The rest of the options all have to deal with generating graphs of your lexers and these options require that Graphviz be installed and in your PATH.

/nfagraph <nfafile> Render a graph of the lexer in NFA form to the specified output file - usually a jpg, png, svg or similar.

/dfagraph <dfafile> Render a graph of the lexer in DFA form to the specified output file - usually a jpg, png, svg or similar.

/vertical Render the graph(s) top to bottom instead of left to right.

/dpi <dpi> Render the graph at something other than 300DPI.

Example Use

Example.rl - our input lexer specification, in Rolex format:

ident='[A-Z_a-z][0-9A-Z_a-z]*'
num='[0-9]+((\.[0-9]+[Ee]\-?[1-9][0-9]*)?|\.[0-9]+)'
space='[\r\n\t\v\f ]'
op='[\-\+\\\*%=]'
lineComment= '\/\/[^\n]*'
blockComment<blockEnd="*/">= "/*"

as wielded with the following command line:

BAT
LexGen Example.rl /output ExampleRunner.cs /namespace Example /runtime /textreader /nfagraph Example_nfa.jpg /dfagraph Example_dfa.jpg /vertical

yields three files:

ExampleRunner.cs - an FATextReaderRunner implementation relying on the Visual FA runtimes that lexes input described by the specification. Its fully qualified name is Example.ExampleRunner.

Example_nfa.jpg - a very large JPG image with the fully expanded NFA state machine.

Example_dfa.jpg - a smaller, but still large JPG image with the DFA state machine. It's just barely small enough to make out when shrunk to the website dimensions.

Image 1

Since we declared /runtime on the command line, the generated code relies on the runtime library, but even if we didn't, using the code is the same, aside from the dependency on Visual FA.

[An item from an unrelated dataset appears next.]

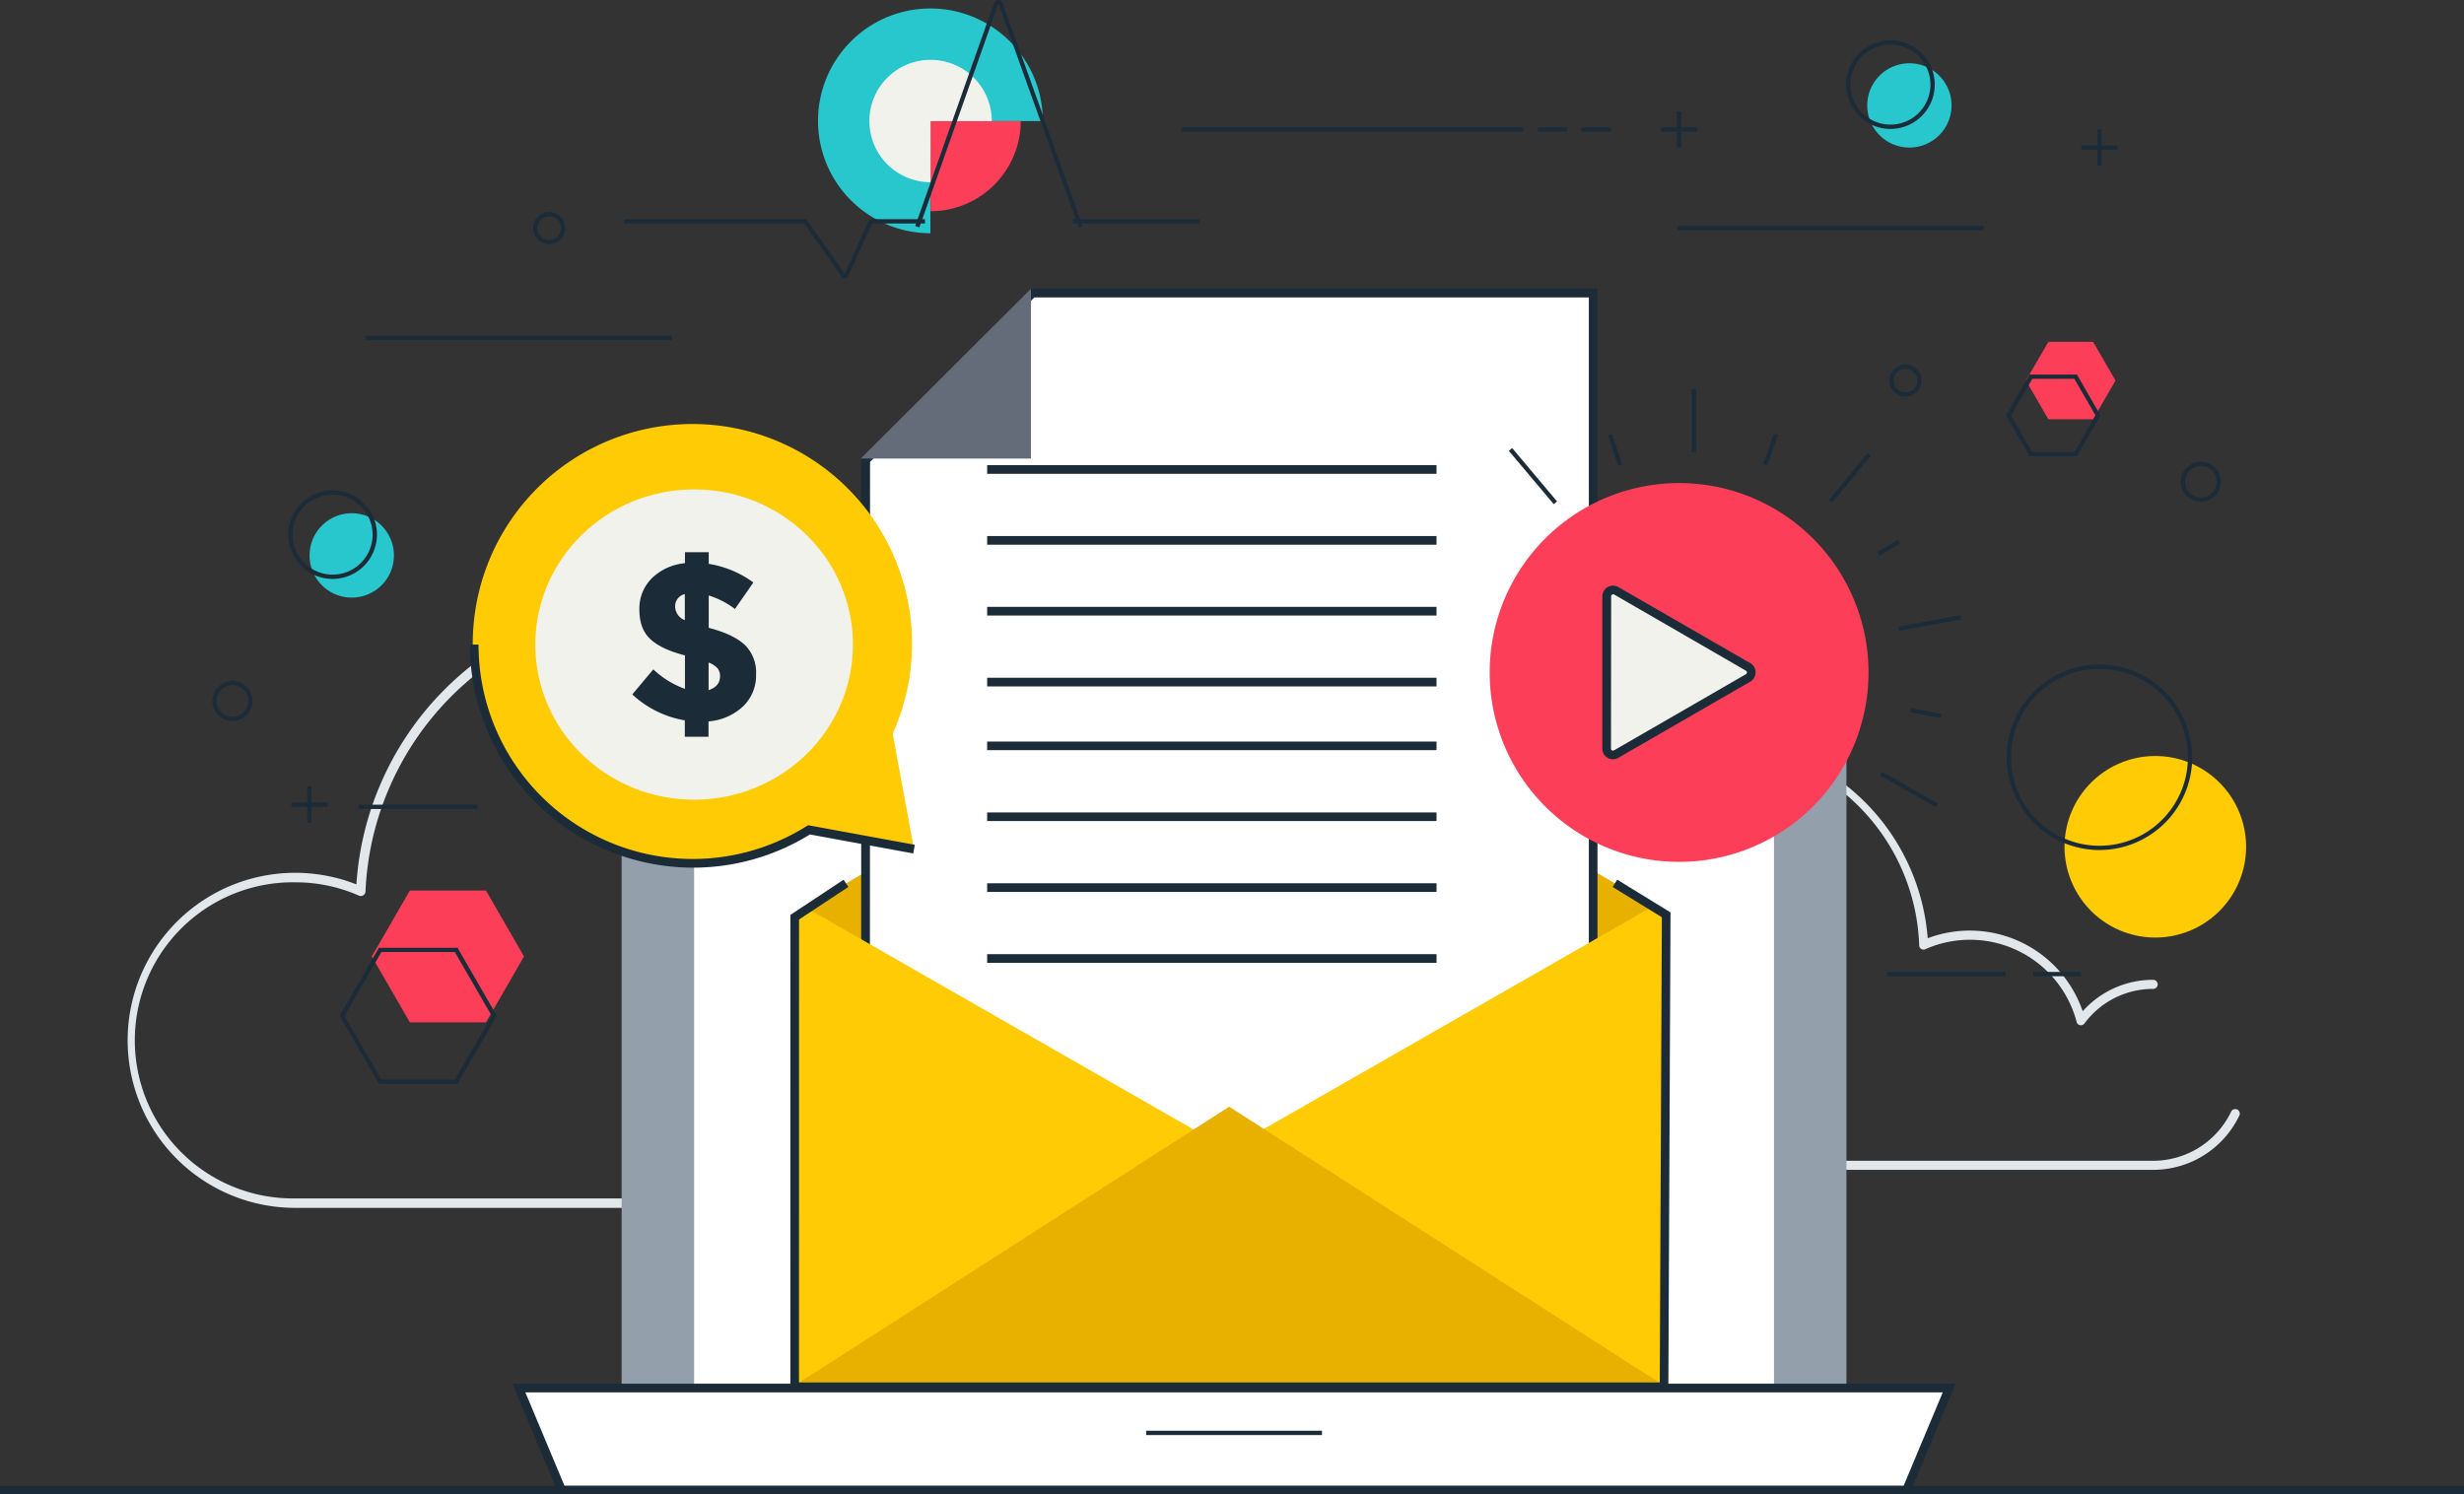 <svg xmlns="http://www.w3.org/2000/svg" viewBox="0 0 570 345.76"><rect x="0" y="0" width="570" height="345.76" fill="#333333" stroke="none"/><defs><style>.cls-3{fill:#fff}.cls-4{fill:#1b2c38}.cls-5{fill:#e8b100}.cls-7{fill:#ffcb05}.cls-8{fill:#f1f2ec}.cls-9{fill:#fc3e59}.cls-10{fill:#27c7cd}</style></defs><path d="M173.89 287H137a1.1 1.1 0 010-2.19h36.88a43.93 43.93 0 10-16.17-84.75 1.09 1.09 0 01-1.45-.73A68.09 68.09 0 0022.42 213.8a1.12 1.12 0 01-.52.89 1.09 1.09 0 01-1 .07 36.22 36.22 0 00-14.67-3.08 36.57 36.57 0 100 73.13h84.45a1.1 1.1 0 010 2.19H6.22a38.76 38.76 0 1114.1-74.84 70.27 70.27 0 01137.74-14.56 45.68 45.68 0 0115.83-2.83 46.12 46.12 0 010 92.23zm262.03-8.8H275a32.88 32.88 0 1111-63.84 50 50 0 0197.81 10.26 27.61 27.61 0 0135.85 16.89 21.76 21.76 0 0116.3-7.27 1.05 1.05 0 110 2.1 19.7 19.7 0 00-15.89 8 1.06 1.06 0 01-1 .4 1 1 0 01-.81-.76 25.52 25.52 0 00-34.95-16.85 1 1 0 01-1.47-.92A47.85 47.85 0 00287.68 216a1 1 0 01-.54.67 1.07 1.07 0 01-.86 0A30.77 30.77 0 10275 276.1h161a20 20 0 0018-11.36 1.05 1.05 0 111.9.9 22.1 22.1 0 01-19.98 12.56z" transform="translate(62.13 -7.55)" fill="#e2e7ec" id="Layer_2" data-name="Layer 2"/><g id="Email_Marketing" data-name="Email Marketing"><path fill="#949fac" d="M143.8 146.56h283.34v194H143.8z"/><path class="cls-3" d="M160.57 163.98h249.81v159.16H160.57z"/><path class="cls-3" d="M441.02 344.76h-311.1l-9.89-23.63h330.89l-9.9 23.63z"/><path class="cls-4" d="M379.56 353.31H67.13L56.4 327.68h333.89zm-311.1-2h309.77l9.06-21.63H59.4z" transform="translate(62.13 -7.55)"/><path class="cls-4" d="M265.14 331.01h40.67v1h-40.67z"/><path class="cls-5" d="M187.51 209.71H381.6v111.13H187.51z"/><path class="cls-5" d="M323.31 219.4c0 .32-2.6.58-5.79.58h-190c-3.19 0-5.78-.26-5.78-.58s2.23-1.88 5-3.49L217.5 163a10.92 10.92 0 0110 0l90.8 52.9c2.77 1.62 5.01 3.18 5.01 3.5z" transform="translate(62.13 -7.55)"/><path class="cls-3" d="M238.86 67.81l-38.64 38.64V284h168.33V67.81H238.86z"/><path class="cls-4" d="M307.42 292.54H137.09v-179l39.22-39.22h131.11zm-168.33-2h166.33V76.36H177.14l-38 38.05z" transform="translate(62.13 -7.55)"/><path fill="#636c78" d="M238.49 106.1V66.79L199.1 106.1h39.39z"/><path class="cls-7" d="M121.71 221.71v103.76c0 3.14 2.23 4.4 5 2.82l90.57-51.84c2.76-1.57 2.76-4.14 0-5.7l-90.57-51.84c-2.77-1.58-5-.33-5 2.8zm105.55 54.47l91 52.1c2.77 1.59 5 .33 5-2.83V221.17c0-3.15-2.25-4.41-5-2.82l-91 52.1c-2.78 1.55-2.78 4.15 0 5.73z" transform="translate(62.13 -7.55)"/><path class="cls-5" d="M121.7 328.39c0 .32 2.59.58 5.78.58H317c3.19 0 5.78-.26 5.78-.58s-2.23-1.87-5-3.47l-95.57-61.33-95.56 61.33c-2.72 1.6-4.95 3.17-4.95 3.47z" transform="translate(62.13 -7.55)"/><path class="cls-4" d="M385.94 321.84H182.83l.01-110.17 12.31-8.14 1.1 1.67-11.41 7.54-.01 107.1h199.12l.49-107.63-11.39-7 1.05-1.7 12.34 7.58v.57l-.5 110.18zM228.36 156.81h103.95v2H228.36zm0-16.4h103.95v2H228.36zm0-16.39h103.95v2H228.36zm0-16.4h103.95v2H228.36z"/><path class="cls-4" d="M228.36 220.75h103.95v2H228.36zm0-16.4h103.95v2H228.36zm0-16.39h103.95v2H228.36zm0-16.4h103.95v2H228.36z"/><path class="cls-7" d="M149.31 204l-4.93-26.69A50.81 50.81 0 10125 199.53z" transform="translate(62.13 -7.55)"/><path class="cls-4" d="M98.19 208.29a51.68 51.68 0 01-51.62-51.62h2a49.54 49.54 0 0075.92 42l.33-.2 24.67 4.53-.36 2-23.9-4.39a51.47 51.47 0 01-27.04 7.68z" transform="translate(62.13 -7.55)"/><ellipse class="cls-8" cx="160.57" cy="149.12" rx="36.74" ry="35.89"/><path class="cls-4" d="M96.29 178v-3.79a23.6 23.6 0 01-12.15-6l4.86-5.8a20.92 20.92 0 007.32 4.51v-7.74c-3.64-.93-6.3-2.18-8-3.76s-2.54-3.84-2.54-6.8a9.86 9.86 0 012.91-7.32 12.6 12.6 0 017.63-3.45v-2.54h5.5V138a23.94 23.94 0 0110.33 4.31l-4.26 6.13a19.84 19.84 0 00-6.07-3.12v7.48q5.61 1.45 8.28 3.89a8.89 8.89 0 012.67 6.91 9.86 9.86 0 01-3 7.37 13.19 13.19 0 01-8 3.48V178zm0-33a2.87 2.87 0 00-2.24 2.85 3.44 3.44 0 002.24 3.17zm8.15 19a2.87 2.87 0 00-.57-1.82 5.32 5.32 0 00-2.08-1.35v6.39c1.76-.59 2.65-1.67 2.65-3.22z" transform="translate(62.13 -7.55)"/><path class="cls-9" d="M370.12 163.13a43.82 43.82 0 11-43.82-43.82 43.82 43.82 0 0143.82 43.82z" transform="translate(62.13 -7.55)"/><path class="cls-8" d="M342.3 161.86l-30.52-17.63a1.47 1.47 0 00-2.2 1.28v35.24a1.47 1.47 0 002.2 1.27l30.52-17.62a1.46 1.46 0 000-2.54l-30.52-17.63a1.47 1.47 0 00-2.2 1.28v35.24a1.47 1.47 0 002.2 1.27l30.52-17.62a1.46 1.46 0 000-2.54z" transform="translate(62.13 -7.55)"/><path class="cls-4" d="M311 183.22a2.5 2.5 0 01-1.23-.33 2.46 2.46 0 01-1.23-2.14v-35.24a2.47 2.47 0 013.7-2.14L342.8 161a2.44 2.44 0 011.18 1.88 1.93 1.93 0 010 .24 2.46 2.46 0 01-1.23 2.14l-30.52 17.62a2.5 2.5 0 01-1.23.34zm-.46-2.47a.44.44 0 00.23.4.45.45 0 00.47 0l30.52-17.62a.44.44 0 00.23-.4.47.47 0 00-.23-.41l-30.48-17.62a.47.47 0 00-.7.41z" transform="translate(62.13 -7.55)"/><path class="cls-4" d="M391.35 90h1v14.63h-1z"/><path class="cls-4" transform="rotate(-18.09 318.91 -87.296)" d="M311 107.86h1v7.52h-1z"/><path class="cls-4" transform="rotate(-40.07 313.204 28.727)" d="M291.98 109.63h1v16.13h-1z"/><path class="cls-4" transform="rotate(-60.43 404.068 133.067)" d="M378.97 182.76h1v14.85h-1z"/><path class="cls-4" transform="rotate(-79 410.377 129.618)" d="M381.87 167.25h1v7.25h-1z"/><path class="cls-4" transform="matrix(.98 -.18 .18 .98 41.02 65.06)" d="M378.54 151.05h14.63v1h-14.63z"/><path class="cls-4" transform="rotate(-30.7 390.391 18.147)" d="M372.2 134.75h5.56v1h-5.56z"/><path class="cls-4" transform="rotate(-50.62 388.896 48.615)" d="M358.77 117.59h14.03v1h-14.03z"/><path class="cls-4" transform="rotate(-70.61 373.203 63.884)" d="M343.78 111.03h7.37v1h-7.37z"/><path class="cls-9" d="M174 35.56a20.87 20.87 0 01-20.87 20.86V35.56z" transform="translate(62.13 -7.55)"/><path class="cls-10" d="M179.1 35.56a26 26 0 10-26 25.95V35.56z" transform="translate(62.13 -7.55)"/><path class="cls-8" d="M167.3 35.56a14.16 14.16 0 10-14.16 14.15V35.56z" transform="translate(62.13 -7.55)"/><path class="cls-4" d="M133.3 72a.86.86 0 01-.72-.38l-8.68-12.36H82.17v-1h42.25l8.86 12.61L139 58.26h12.85v1h-12.2l-5.58 12.2a.91.91 0 01-.73.52z" transform="translate(62.13 -7.55)"/><path class="cls-4" d="M248.21 50.71h29.32v1h-29.32z"/><path class="cls-4" d="M187.4 60.18L168.89 8.6h-.14l-18.21 51.58-.95-.34 18.22-51.57a1.05 1.05 0 011-.72 1 1 0 011 .71l18.51 51.58zM64.92 64.05a3.72 3.72 0 113.72-3.72 3.73 3.73 0 01-3.72 3.72zm0-6.44a2.72 2.72 0 102.72 2.72 2.72 2.72 0 00-2.72-2.72zm313.74 41.7a3.72 3.72 0 113.72-3.72 3.73 3.73 0 01-3.72 3.72zm0-6.43a2.72 2.72 0 102.72 2.71 2.72 2.72 0 00-2.72-2.71zM447 123.64a4.64 4.64 0 114.64-4.64 4.65 4.65 0 01-4.64 4.64zm0-8.28a3.64 3.64 0 103.64 3.64 3.65 3.65 0 00-3.64-3.64zM-8.4 174.35a4.65 4.65 0 01-4.6-4.65 4.64 4.64 0 014.64-4.64 4.65 4.65 0 014.65 4.64 4.65 4.65 0 01-4.69 4.65zm0-8.29a3.65 3.65 0 00-3.6 3.64 3.66 3.66 0 003.64 3.65 3.66 3.66 0 003.65-3.65 3.65 3.65 0 00-3.69-3.64z" transform="translate(62.13 -7.55)"/><path class="cls-4" d="M273.41 29.46h78.95v1h-78.95zm82.32 0h6.82v1h-6.82zm10.1 0h6.82v1h-6.82zm18.4 0h8.42v1h-8.42z"/><path class="cls-4" d="M387.93 25.76h1v8.42h-1zM67.37 185.65h8.42v1h-8.42z"/><path class="cls-4" d="M71.08 181.95h1v8.42h-1zM481.46 33.67h8.42v1h-8.42z"/><path class="cls-4" d="M485.17 29.96h1v8.42h-1zM84.61 77.69h70.84v1H84.61zm351.93 147.17h27.43v1h-27.43zM83.03 186.17h27.43v1H83.03zm387.32 38.69h11.02v1h-11.02zM388.04 52.28h70.84v1h-70.84z"/><path class="cls-9" d="M94.81 236.53l-8.8-15.25 8.8-15.25h17.61l8.8 15.25-8.8 15.25H94.81z"/><path class="cls-4" d="M43.71 258.31H25.52l-9.09-15.74 9.09-15.75h18.19l9.09 15.75zm-17.61-1h17l8.52-14.74-8.52-14.75h-17l-8.51 14.75z" transform="translate(62.13 -7.55)"/><path class="cls-9" d="M473.85 97.01l-5.18-8.97 5.18-8.96h10.35l5.18 8.96-5.18 8.97h-10.35z"/><path class="cls-4" d="M418.32 113.13h-10.93l-5.46-9.46 5.46-9.47h10.93l5.46 9.47zm-10.35-1h9.77l4.89-8.46-4.89-8.47H408l-4.89 8.47z" transform="translate(62.13 -7.55)"/><path class="cls-7" d="M457.46 203.41a21 21 0 11-20.95-20.95 21 21 0 0120.95 20.95z" transform="translate(62.13 -7.55)"/><path class="cls-4" d="M423.54 204.21A21.46 21.46 0 11445 182.76a21.48 21.48 0 01-21.46 21.45zm0-41.91A20.46 20.46 0 10444 182.76a20.48 20.48 0 00-20.46-20.46z" transform="translate(62.13 -7.55)"/><path class="cls-10" d="M389.32 31.94a9.75 9.75 0 11-9.75-9.75 9.75 9.75 0 019.75 9.75z" transform="translate(62.13 -7.55)"/><path class="cls-4" d="M375.19 37.38a10.25 10.25 0 1110.25-10.25 10.26 10.26 0 01-10.25 10.25zm0-19.5a9.25 9.25 0 109.25 9.25 9.26 9.26 0 00-9.25-9.25z" transform="translate(62.13 -7.55)"/><path class="cls-10" d="M29 136.05a9.76 9.76 0 11-9.76-9.76 9.76 9.76 0 019.76 9.76z" transform="translate(62.13 -7.55)"/><path class="cls-4" d="M14.82 141.49a10.25 10.25 0 1110.25-10.25 10.27 10.27 0 01-10.25 10.25zm0-19.5a9.25 9.25 0 109.25 9.25 9.27 9.27 0 00-9.25-9.24z" transform="translate(62.13 -7.55)"/><path class="cls-4" d="M0 343.76h570v2H0z"/></g></svg>

Once you've spun up a C# project and referenced the Visual FA runtimes, you can include ExampleRunner.cs in your project and employ the lexing facilities you created:

C#
using VisualFA;
using Example;
...

ExampleRunner runner = new ExampleRunner();
using(TextReader reader = new StreamReader(myfile)) {
    runner.Set(reader);
    foreach(FAMatch match in runner) {
        Console.WriteLine("{0}:{1} at {2}", match.SymbolId, match.Value, match.Position);
    }
}

Using the API

The FA Class

The major focal point of Visual FA's API is the VisualFA.FA class. Each instance represents a state in a state machine. You usually hold on to the root of the state machine (q0) in a variable and work off of that. With FA, you can parse or manually build state machines, graph them, or instantiate runners off them to do matching. If you reference VisualFA.Compiler or VisualFA.Generator, each adds methods to FA for compiling state machines or generating code for them, respectively. We'll cover those later, although it should be noted that LexGen uses VisualFA.Generator to do much of the heavy lifting.

IsDeterministic indicates if a particular state is deterministic or not. Note that it says nothing of the entire machine. IsDfa() can tell you if the entire machine is deterministic. Note that if any state in a machine is non-deterministic, the whole machine must be treated like it's non-deterministic/NFA. (Actually, some of my runner code optimizes for this case, but for the most part, that statement is still true). The value will be true only if there are no epsilon transitions present and no overlapping transitions to different states.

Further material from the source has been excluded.